**DATA TO EXAMINE:**
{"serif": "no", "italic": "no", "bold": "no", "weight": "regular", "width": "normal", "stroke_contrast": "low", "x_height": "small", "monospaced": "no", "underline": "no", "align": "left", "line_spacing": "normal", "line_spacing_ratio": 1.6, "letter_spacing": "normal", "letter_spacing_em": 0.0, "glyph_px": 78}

* * *

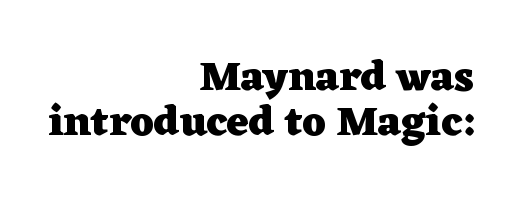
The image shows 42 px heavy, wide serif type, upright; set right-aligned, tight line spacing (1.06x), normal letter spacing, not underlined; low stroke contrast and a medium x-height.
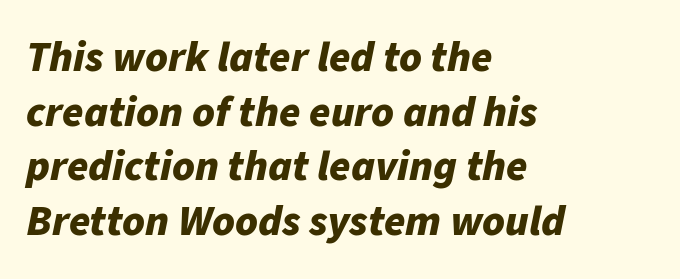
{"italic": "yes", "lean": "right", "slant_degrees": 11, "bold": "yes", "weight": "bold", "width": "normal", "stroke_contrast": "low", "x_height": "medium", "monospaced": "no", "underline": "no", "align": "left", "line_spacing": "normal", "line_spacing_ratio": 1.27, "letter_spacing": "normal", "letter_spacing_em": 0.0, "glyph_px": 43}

**ACTIVITY:** Look through the records and copy down every line that holds "right".

**OUTPUT OF THE EXERCISE:**
The image shows 42 px heavy, wide serif type, upright; set right-aligned, tight line spacing (1.06x), normal letter spacing, not underlined; low stroke contrast and a medium x-height.
{"italic": "yes", "lean": "right", "slant_degrees": 11, "bold": "yes", "weight": "bold", "width": "normal", "stroke_contrast": "low", "x_height": "medium", "monospaced": "no", "underline": "no", "align": "left", "line_spacing": "normal", "line_spacing_ratio": 1.27, "letter_spacing": "normal", "letter_spacing_em": 0.0, "glyph_px": 43}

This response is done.